By taking this data to the crowd, researchers at Caltech have found a way to engage the public while also allowing so-called citizen scientists to investigate a variety of research topics—from very tiny cells on Earth to massive star clusters in our galaxy.
The Solar Army Chemist Harry Gray and his colleagues at the National Science Foundation’s Center for Chemical Innovation in Solar Fuels (CCI Solar) are looking to answer one important question as quickly as possible: How can we tap the sun’s energy to power the planet? Gray and the CCI Solar group believe that the answer will involve using solar-powered devices to produce fuels. These environmentally friendly systems would use energy from the sun to split water molecules on sunny days, generating storable hydrogen as fuel that could be used later to produce electricity.

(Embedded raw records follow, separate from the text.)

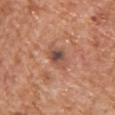Q: Was a biopsy performed?
A: catalogued during a skin exam; not biopsied
Q: Automated lesion metrics?
A: an average lesion color of about L≈50 a*≈22 b*≈28 (CIELAB) and a normalized lesion–skin contrast near 8; a color-variation rating of about 8/10 and peripheral color asymmetry of about 2
Q: How was this image acquired?
A: ~15 mm crop, total-body skin-cancer survey
Q: Illumination type?
A: white-light
Q: Where on the body is the lesion?
A: the front of the torso
Q: What are the patient's age and sex?
A: male, about 65 years old
Q: What is the lesion's diameter?
A: ~4 mm (longest diameter)

Although the technology has the potential to satisfy all of humanity’s energy needs, it’s been difficult to find an abundant and cost-effective source for the catalysts needed to drive the essential water-splitting reaction. Platinum catalysts work well, but they are also rare and expensive. By mixing together different combinations of metals, scientists hope to find an alternative to platinum that is just as effective but is also cheap enough for worldwide use. But testing the many combinations of metals on the periodic table is a task that Gray admits he and his colleagues need some help to complete. So, in 2009, Gray proposed that students around the world—which he calls his Solar Army—could add to his group’s research efforts using an inexpensive apparatus to perform experiments similar to those that he and other chemists were doing in the lab.
Initially, the idea depended upon the Solar Hydrogen Activity Research Kit (SHArK), an inexpensive tool developed by CCI Solar colleague Bruce Parkinson for research in his laboratory at the University of Wyoming and distributed to science undergraduates by Gray. Using a modified inkjet printer, the students would first create tiny dots of metal oxide combinations, which were then targeted by a light source—a commercial laser pointer. A current detector could then determine each mixture’s catalytic potential; if the light source spurred a large increase in electrical current, the mixture might be a good candidate catalyst. The program then expanded into an after-school activity at local high schools in Southern California, with CCI Solar graduate students and postdocs serving as mentors. And after several years of experimentation with SHArK, the CCI Solar team at Caltech created a more streamlined version—called the Solar Energy Activity Laboratory, or SEAL—which could test compounds faster and allowed students to learn hands-on laboratory skills, such as pipetting and solution preparation.
Now, after more than five years, Gray’s Solar Army has expanded to include students from more than 90 schools worldwide—meaning that more than 500 “recruits” are contributing to the search for these game-changing catalysts. “The Solar Army is something special,” Gray says. “A lot of crowdsourcing and citizen science projects are so focused on the educational component that very little real data are being produced. But using SHArK and SEAL, our students have discovered some interesting new materials that are being tested at Caltech and other universities.”
The Plant Pack Gray isn’t the only Caltech researcher who has entrusted work to budding young scientists. A few years ago, former Caltech postdoctoral scholar Adrienne Roeder was working on a time-consuming project in developmental biology that relied on outlining, counting, and measuring the cells within plant tissues. When Alexandre Cunha, a data scientist at the Center for Data-Driven Discovery at Caltech, learned that, to complete the project, Roeder had been manually tracing the outlines of cells in samples of plant tissue, he knew he wanted to find a way to help.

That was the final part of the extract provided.